Centripetal acceleration

[MDJH]

I was recently thinking about centripetal acceleration (a=vv/r) and I have a few questions about it...

 

 

1. Since gravity's variation with depth has a corresponding air pressure variation with elevation, I was wondering if spinning an enclosed container (with air in it) around in a circle such that the same part of it was always facing the centre (ie. similar to how the same face of the moon is always pointed towards the Earth) then if the stronger forces towards the circle's centre (ie. where the radius is closer) would push air enough to the part of the container further from the centre to create a pressure gradient within the container, in addition to whatever pressure gradient already would exist for height.

 

 

2. I was thinking about how to find centripetal acceleration as a function of frequency of circling, since speed would be difficult to directly measure. So I thought of the following formulae, where Circ means circumference, T means period of oscillation (as in, seconds for the object to go full circle)

 

Circ = 2*pi*r

 

v_circ = Circ / T

 

T = 1 / f

 

Therefore v = 2*pi*r*f

 

... and in turn...

 

a = (2*pi*r*f) * (2*pi*r*f) / r

 

a = 4 * (pi*pi) * r * (f*f)

 

Thus my derived formula suggests that acceleration is proportional to the radius, and proportional to the square of the frequency with which the object is rotated (as in, how many times it is spun full circle per second) with the coefficient being the product of 4 and the square of pi.

 

Are there any problems with my methods and/or results?

[swansont]

The equation is correct. [math]2{\pi}f[/math] is known as the angular frequency (measured in radians per second), so you'll see this written as ^{[math]\omega^2r[/math]}

[MDJH]

The equation is correct. [math]2{\pi}f[/math] is known as the angular frequency (measured in radians per second), so you'll see this written as ^{[math]\omega^2r[/math]}

Ah ok. So it's in units of angle per units of time, rather than in full circles per time... though I suppose "full circle" would qualify as a unit of angle anyway right? As if "full circle" were a unit of angle measure equivalent to 2pi radians?

 

Also, what about my pressure gradient question?

[swansont]

Right. 2 pi radians for a circle.

 

Your gradient question is similar to that of a centrifuge; where the more massive particles will tend to move out and you'll get greater pressure on the outside, but for the earth this is small effect compared to the gravitational force.

 

http://en.wikipedia.org/wiki/Centrifuge

http://en.wikipedia.org/wiki/Gas_centrifuge

[MDJH]

Your gradient question is similar to that of a centrifuge; where the more massive particles will tend to move out and you'll get greater pressure on the outside, but for the earth this is small effect compared to the gravitational force.

 

http://en.wikipedia.org/wiki/Centrifuge

http://en.wikipedia.org/wiki/Gas_centrifuge

Yeah, I've heard of "centrifuges" before; our chemistry labs used them to settle insoluble precipitates. I just wasn't sure if the idea of a centrifuge was applied to gases, and I guess it turns out it is.

 

Also, if someone were spinning some container (let's say a plastic bottle) that had one solvent substances on the "outer" end and a solute gas on the "inner" end (let's say filled with carbon dioxide to dissolve in water) would the centrifuge's pressure gradient force more CO2 to dissolve in the water?

[swansont]

It should, because you will have increased the pressure.

[MDJH]

What if it were a plastic bottle with the cap open, would this pressure gradient suck air in from the surroundings?

[swansont]

What if it were a plastic bottle with the cap open, would this pressure gradient suck air in from the surroundings?

 

A small amount, I expect. It would depend on the speed and radius.

[MDJH]

A small amount, I expect. It would depend on the speed and radius.

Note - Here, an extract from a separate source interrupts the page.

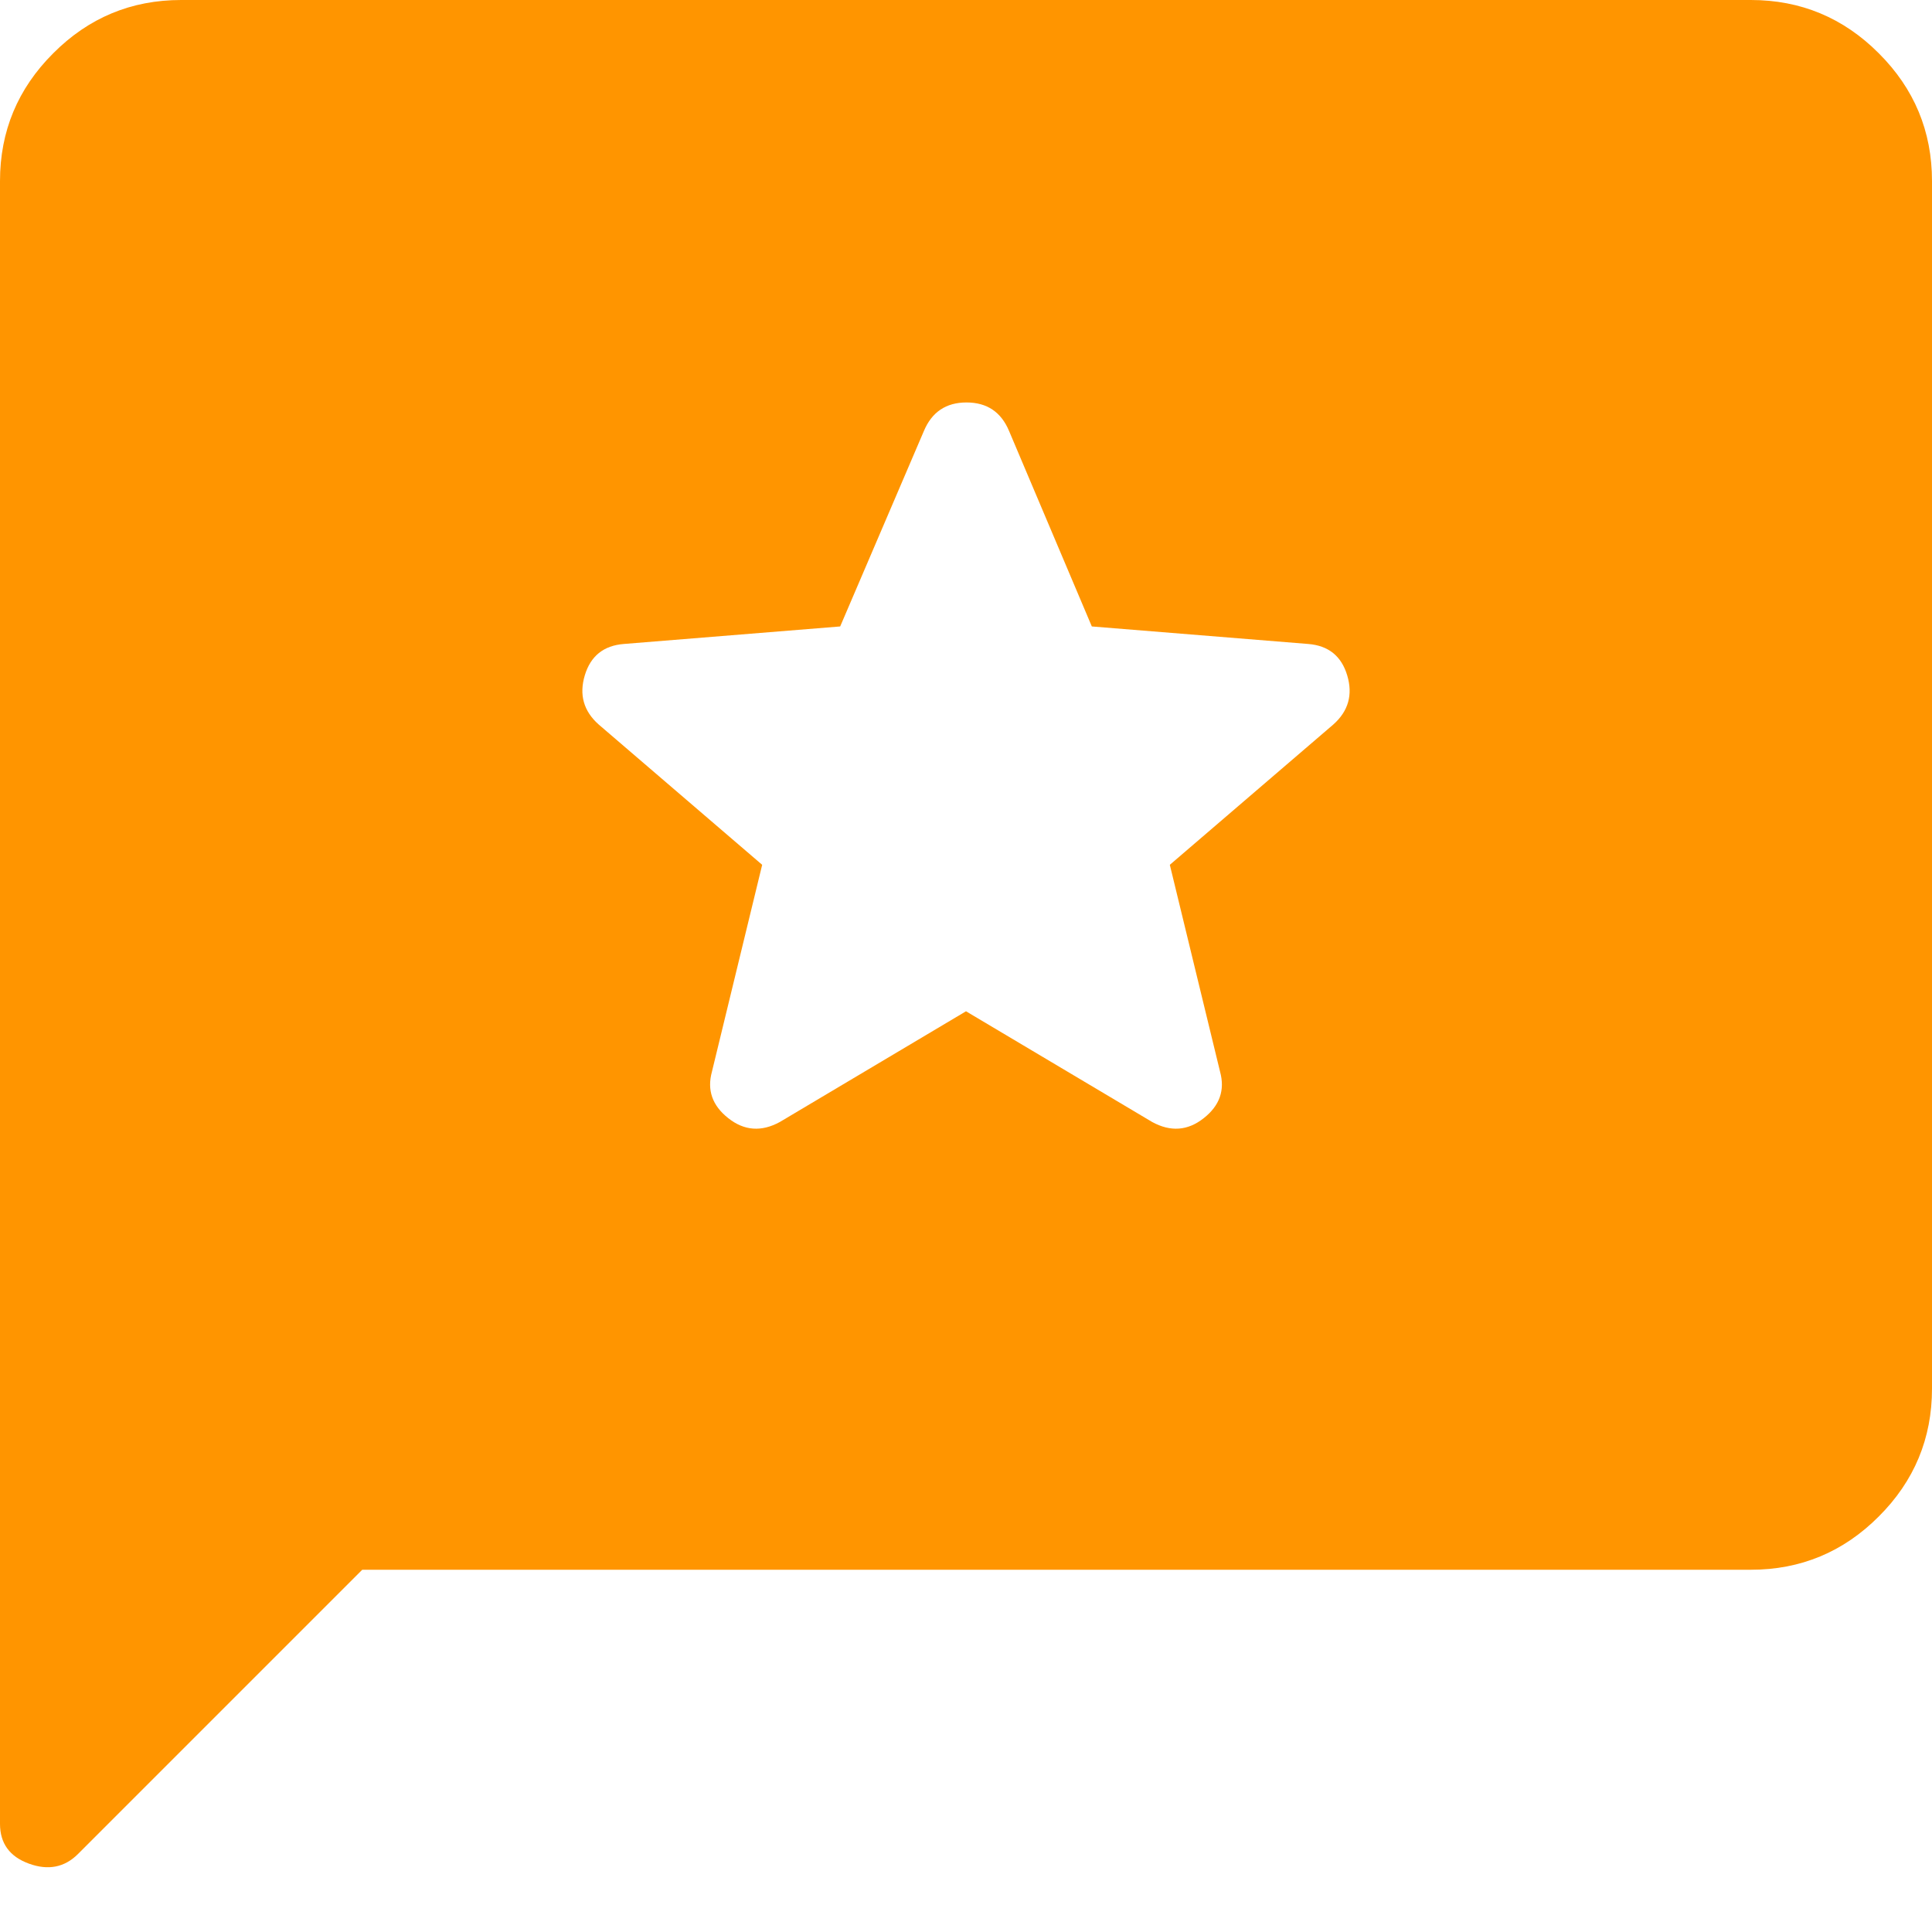 <svg width="16" height="16" viewBox="0 0 16 16" fill="none" xmlns="http://www.w3.org/2000/svg">
<path d="M3 13L0.646 15.354C0.535 15.465 0.399 15.492 0.24 15.434C0.08 15.376 0 15.266 0 15.104V1.5C0 1.087 0.147 0.734 0.441 0.441C0.734 0.147 1.087 0 1.5 0H14.5C14.912 0 15.266 0.147 15.559 0.441C15.853 0.734 16 1.087 16 1.5V11.5C16 11.912 15.853 12.266 15.559 12.559C15.266 12.853 14.912 13 14.5 13H3ZM8 8.375L9.542 9.292C9.694 9.375 9.837 9.365 9.969 9.26C10.101 9.156 10.146 9.028 10.104 8.875L9.688 7.162L11.042 6C11.167 5.889 11.205 5.753 11.157 5.593C11.109 5.433 11.001 5.346 10.833 5.333L9.042 5.188L8.357 3.57C8.291 3.412 8.174 3.333 8.004 3.333C7.835 3.333 7.717 3.412 7.651 3.57L6.958 5.188L5.167 5.333C4.999 5.346 4.891 5.433 4.843 5.593C4.795 5.753 4.833 5.889 4.958 6L6.312 7.162L5.896 8.875C5.854 9.028 5.899 9.156 6.031 9.26C6.163 9.365 6.306 9.375 6.458 9.292L8 8.375Z" fill="#FF9500"/>
</svg>

But would the average pressure inside the container be greater than the average pressure outside the container?

 

Let's say it was a small radius (ie. the bottle was about 20cm long, and the opening was about 2cm away from the centre of rotation) and a very fast speed (let's say a hundred metres per second) and this therefore created centripetal accelerations ranging from 45454m/s/s to 500000m/s/s; would the pressure in the bottle be significantly higher than external pressure?

[swansont]

Yes. You'd need an equation for pressure to calculate how much.

[MDJH]

... I just realized that if a plastic bottle is spinning around in a circle with one end always pointed at the centre, then that end would be moving at a different speed than the other end... am I correct in assuming this? Also, how do you find the speed at one end from the speed at the other end?

[swansont]

... I just realized that if a plastic bottle is spinning around in a circle with one end always pointed at the centre, then that end would be moving at a different speed than the other end... am I correct in assuming this? Also, how do you find the speed at one end from the speed at the other end?

 

The angular speed is a constant. The relation between linear speed and angular speed is what you figured out in the first post.